> _AIM OF THE TASK_
Nothing should appear in the answer except the lines below from the line containing "Question: Is there" through the line containing "Answer: 0 0", copied exactly, with pictures left out.

> _THE DATA_
━━━━━━━━━━━━━━━━━━━━━━━━━━━━━━

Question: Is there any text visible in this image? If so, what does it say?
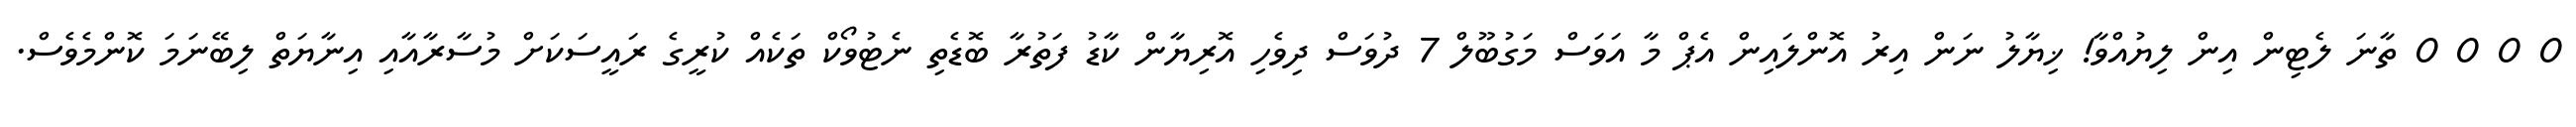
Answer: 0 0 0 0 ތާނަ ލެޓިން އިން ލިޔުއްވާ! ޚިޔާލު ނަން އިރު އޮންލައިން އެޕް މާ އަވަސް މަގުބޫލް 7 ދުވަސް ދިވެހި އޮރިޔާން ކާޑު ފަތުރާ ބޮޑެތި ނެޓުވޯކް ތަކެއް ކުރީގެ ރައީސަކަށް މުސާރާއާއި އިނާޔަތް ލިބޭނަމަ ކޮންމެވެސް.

━━━━━━━━━━━━━━━━━━━━━━━━━━━━━━

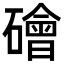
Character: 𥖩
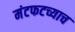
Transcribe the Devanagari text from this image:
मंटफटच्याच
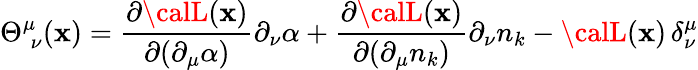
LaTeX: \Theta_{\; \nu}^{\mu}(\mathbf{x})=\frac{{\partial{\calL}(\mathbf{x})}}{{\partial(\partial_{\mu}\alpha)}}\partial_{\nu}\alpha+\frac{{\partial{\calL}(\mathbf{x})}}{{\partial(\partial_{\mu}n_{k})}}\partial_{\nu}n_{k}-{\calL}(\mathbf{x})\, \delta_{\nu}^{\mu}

━━━━━━━━━━━━━━━━━━━━━━━━━━━━━━

> _THE COMPLETED TASK_
Question: Is there any text visible in this image? If so, what does it say?
Answer: 0 0 0 0 ތާނަ ލެޓިން އިން ލިޔުއްވާ! ޚިޔާލު ނަން އިރު އޮންލައިން އެޕް މާ އަވަސް މަގުބޫލް 7 ދުވަސް ދިވެހި އޮރިޔާން ކާޑު ފަތުރާ ބޮޑެތި ނެޓުވޯކް ތަކެއް ކުރީގެ ރައީސަކަށް މުސާރާއާއި އިނާޔަތް ލިބޭނަމަ ކޮންމެވެސް.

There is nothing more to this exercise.